-------- DATASET RECORDS --------

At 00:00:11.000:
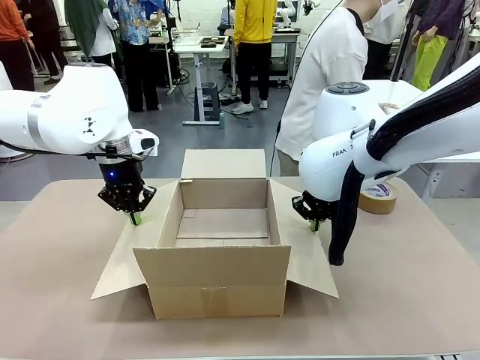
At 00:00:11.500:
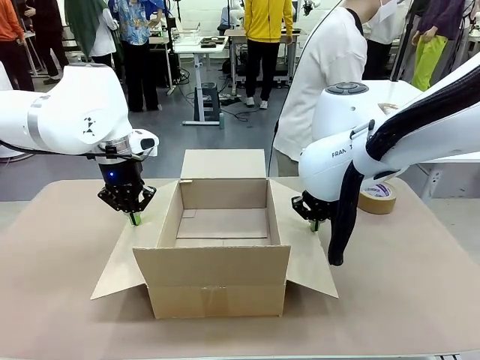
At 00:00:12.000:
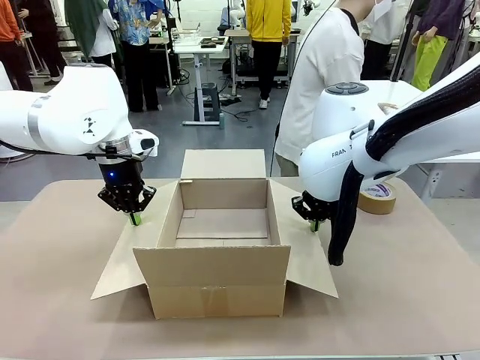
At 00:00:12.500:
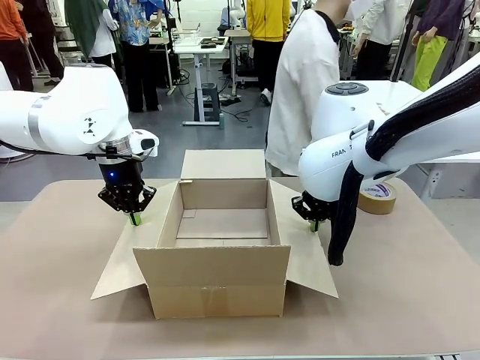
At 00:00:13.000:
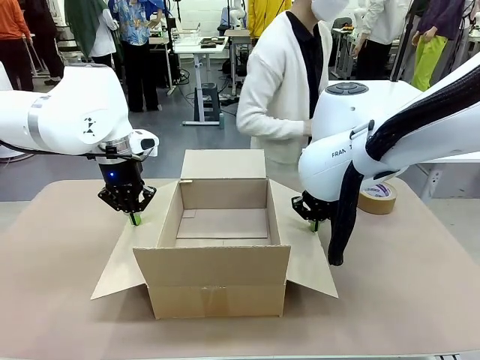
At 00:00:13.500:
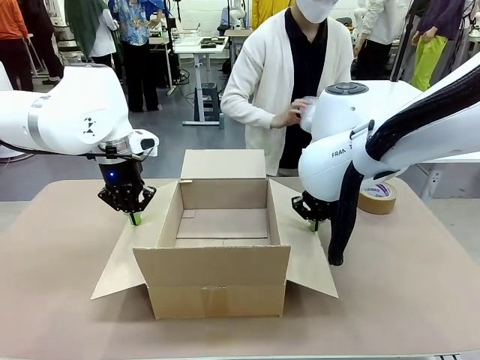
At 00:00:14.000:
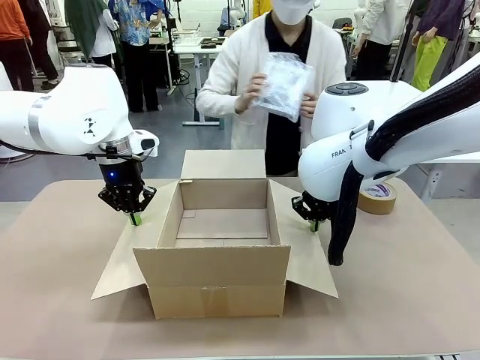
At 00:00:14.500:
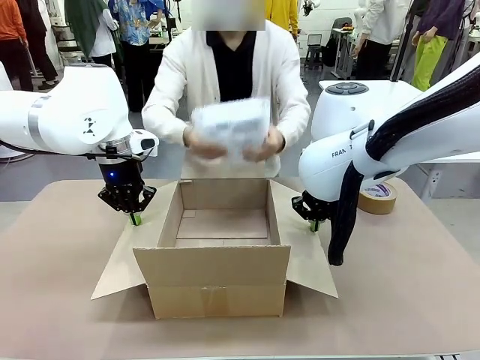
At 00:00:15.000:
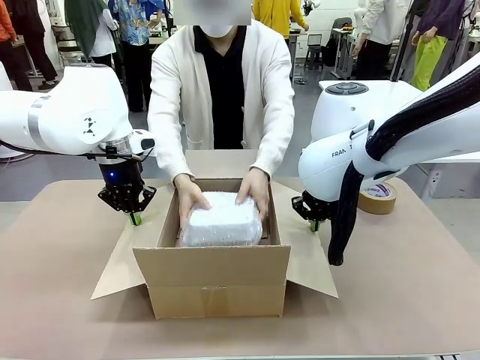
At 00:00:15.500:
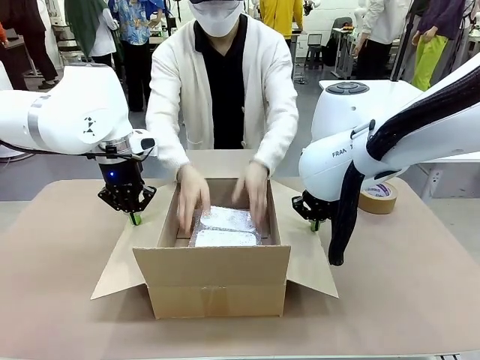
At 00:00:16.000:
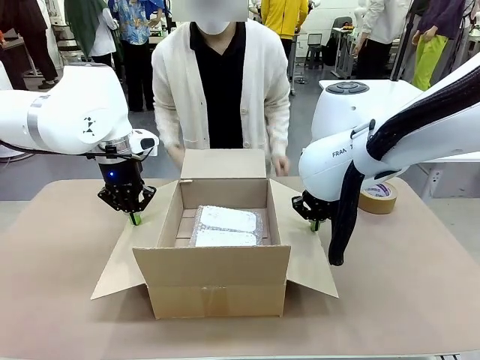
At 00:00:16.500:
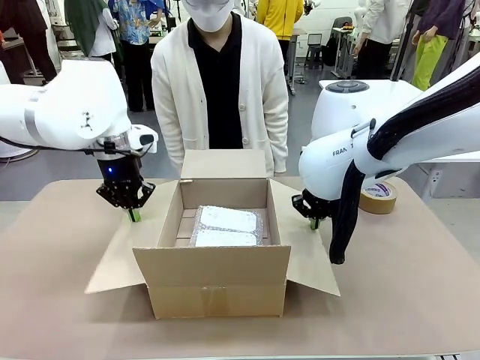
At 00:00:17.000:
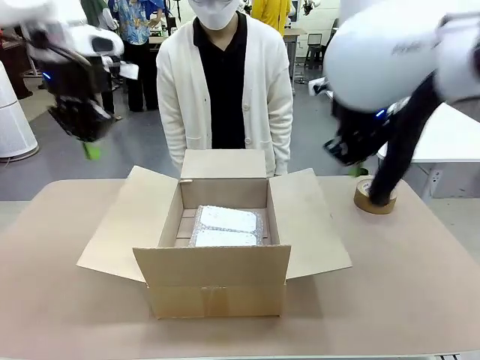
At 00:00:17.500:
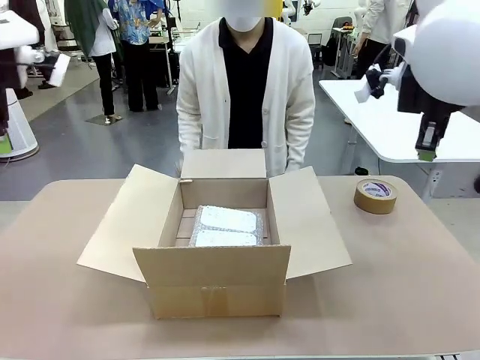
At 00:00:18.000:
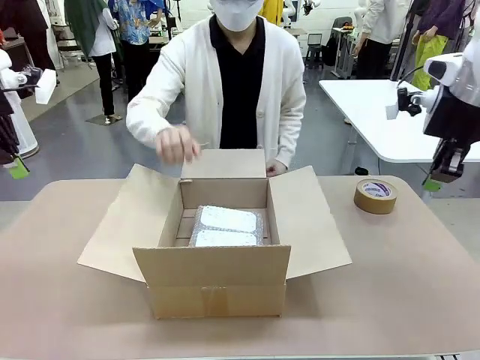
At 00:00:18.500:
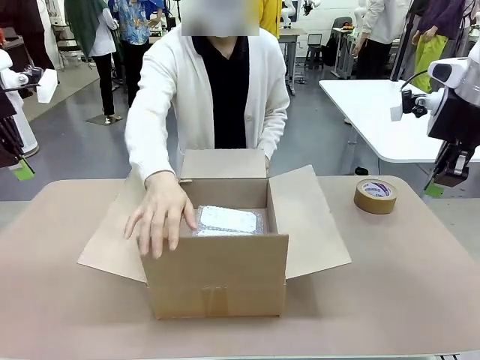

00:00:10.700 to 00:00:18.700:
Task: Wrap the clocks to prevent damage.
Robot: Once the human has placed the objects inside and stepped back, release both hands from the side flaps of the Package Box.
Person: Place the wrapped Digital clocks inside the Package Box.

--------

WORK ITEM -> Please copy out each line above exactly as written, but not the pictures.

YOUR SOLUTION ->
At 00:00:11.000:
At 00:00:11.500:
At 00:00:12.000:
At 00:00:12.500:
At 00:00:13.000:
At 00:00:13.500:
At 00:00:14.000:
At 00:00:14.500:
At 00:00:15.000:
At 00:00:15.500:
At 00:00:16.000:
At 00:00:16.500:
At 00:00:17.000:
At 00:00:17.500:
At 00:00:18.000:
At 00:00:18.500:

00:00:10.700 to 00:00:18.700:
Task: Wrap the clocks to prevent damage.
Robot: Once the human has placed the objects inside and stepped back, release both hands from the side flaps of the Package Box.
Person: Place the wrapped Digital clocks inside the Package Box.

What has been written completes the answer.